Noa Malka

Personal information
- Native name: נועה מלכה‎
- Born: 15 June 2003 (age 23)

Sport
- Country: Israel
- Sport: Goalball

Medal record
| Event | 1st | 2nd | 3rd |
| Paralympic Games | 0 | 1 | 0 |
| IBSA World Games | 0 | 0 | 0 |
| Goalball World Championships | 0 | 0 | 1 |
| Goalball European Championships | 0 | 2 | 1 |
| Lady Intercup | 1 | 2 | 0 |
Women's goalball
Representing Israel
Paralympic Games
| Silver medal – second place | 2024 Paris | Team |
Goalball World Championships
| Bronze medal – third place | 2022 Matosinhos | Women's goalball |
Goalball European Championships
| Silver medal – second place | 2019 Germany | Women's goalball |
| Bronze medal – third place | 2021 Turkey | Women's goalball |
| Silver medal – second place | 2023 Montenegro | Women's goalball |
Lady & Men Intercup
| Silver medal – second place | 2022 Malmo | Women's goalball |
| Gold medal – first place | 2022 Berlin | Women's goalball |
| Silver medal – second place | 2023 Malmo | Women's goalball |

= Noa Malka =

Israeli Paralympic goalball player

Noa Malka (נועה מלכה; born 15 June 2003) is an Israeli Paralympic goalball player.
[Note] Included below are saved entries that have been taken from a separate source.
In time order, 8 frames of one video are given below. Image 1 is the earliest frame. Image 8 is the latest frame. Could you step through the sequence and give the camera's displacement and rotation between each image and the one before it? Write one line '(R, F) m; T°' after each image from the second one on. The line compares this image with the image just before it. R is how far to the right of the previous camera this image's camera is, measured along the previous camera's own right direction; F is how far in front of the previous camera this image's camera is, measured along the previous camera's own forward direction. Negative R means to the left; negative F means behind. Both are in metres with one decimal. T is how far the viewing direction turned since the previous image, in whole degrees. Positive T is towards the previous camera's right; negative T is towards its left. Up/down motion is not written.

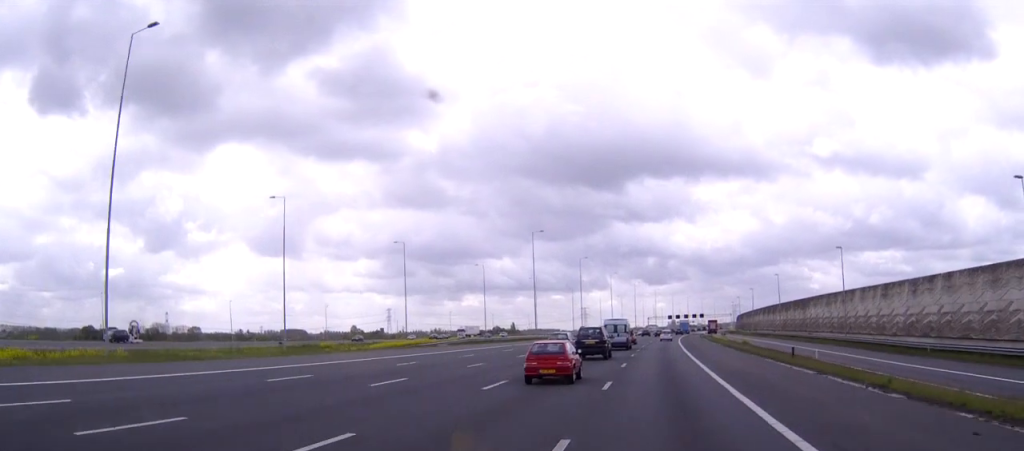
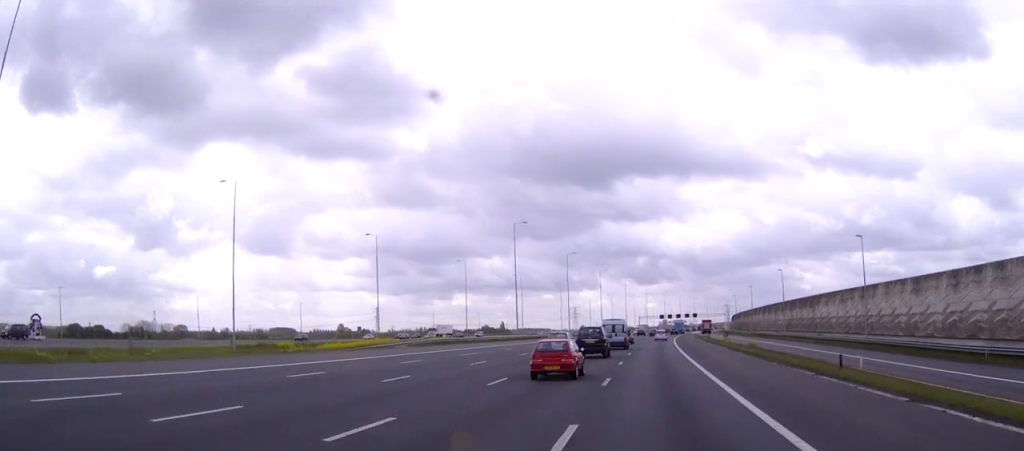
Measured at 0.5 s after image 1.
(0.0, +10.7) m; 0°
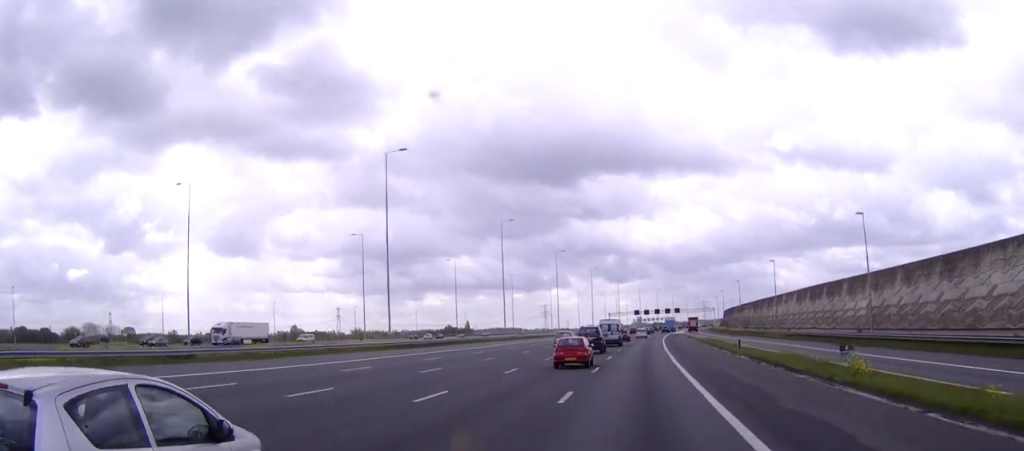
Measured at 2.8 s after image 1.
(+1.2, +52.9) m; +2°
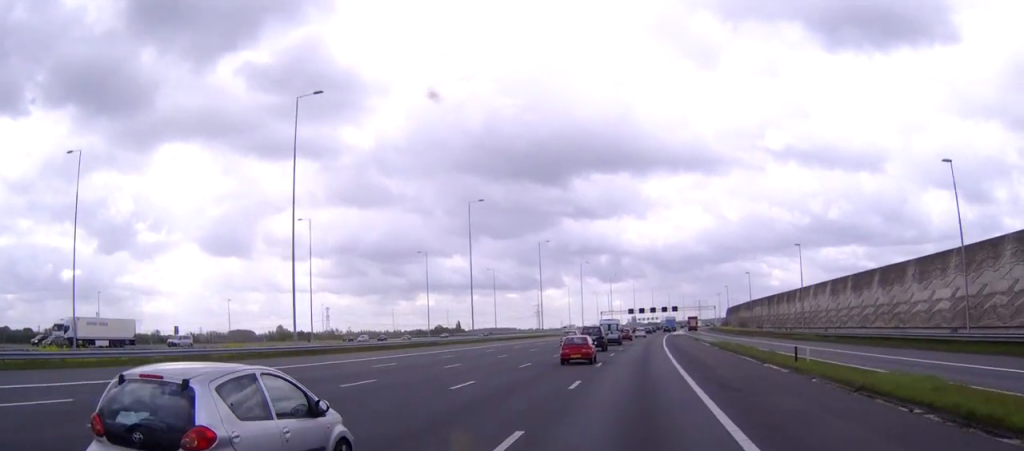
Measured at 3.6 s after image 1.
(+0.1, +19.9) m; 0°
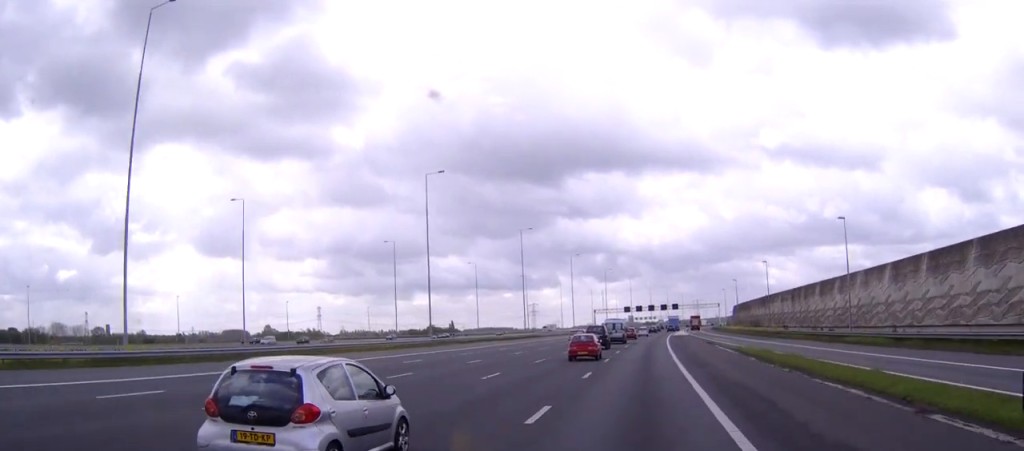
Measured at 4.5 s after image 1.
(0.0, +19.9) m; 0°
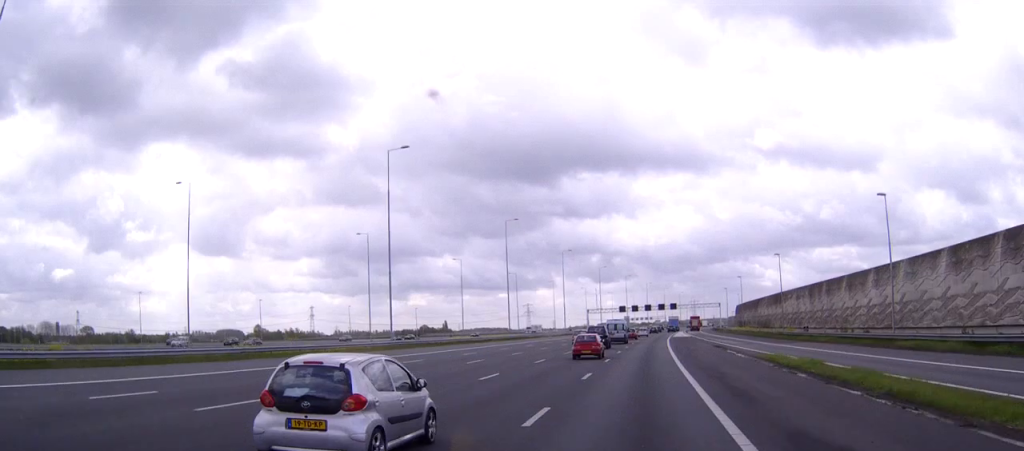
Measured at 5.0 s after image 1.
(+0.1, +12.3) m; 0°
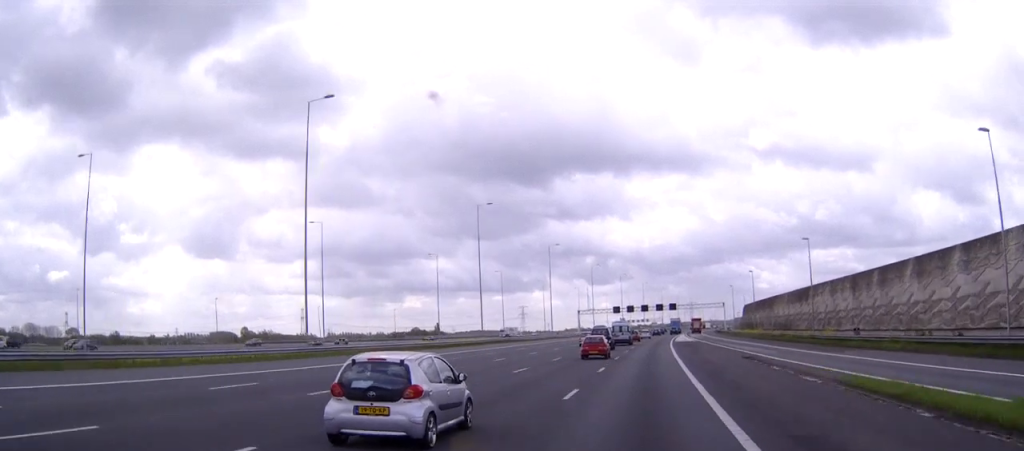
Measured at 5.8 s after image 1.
(+0.1, +18.4) m; 0°
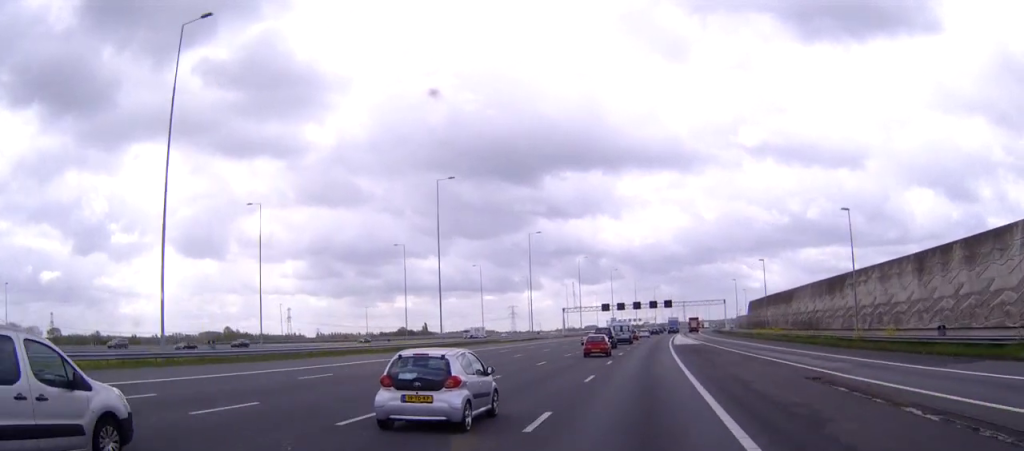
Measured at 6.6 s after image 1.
(0.0, +17.6) m; 0°

She competed for Israel at the 2024 Paris Paralympics in the Women's goalball tournament, where she and the Israel women's national goalball team won a silver medal.

==Early life==
Malka was born with albinism and suffers from congenital visual defects. Malka grew up in Haifa, and after graduating from Urban High School A, she volunteered for two years for national service in the oncology department at the Sourasky Tel Aviv Medical Center.

==Goalball career==
Malka trains in goalball as part of Beit HaLochem in Tel Aviv and was added to the Israel women's national goalball team, with which she participated in the Tokyo Paralympic Games (2020). In 2022, she participated with the national team in the World Championship held in Portugal, where she scored the first goal in a global competition. At the World Championship they won a bronze medal and earlier that year the team won a gold medal at the World Teams Tournament held in Germany. As part of the junior team, Malka was also a partner in winning a silver medal at the 2022 European Under-19 Championship.

She competed for Israel at the 2024 Paris Paralympics in the Women's goalball tournament, where she and Team Israel won a silver medal.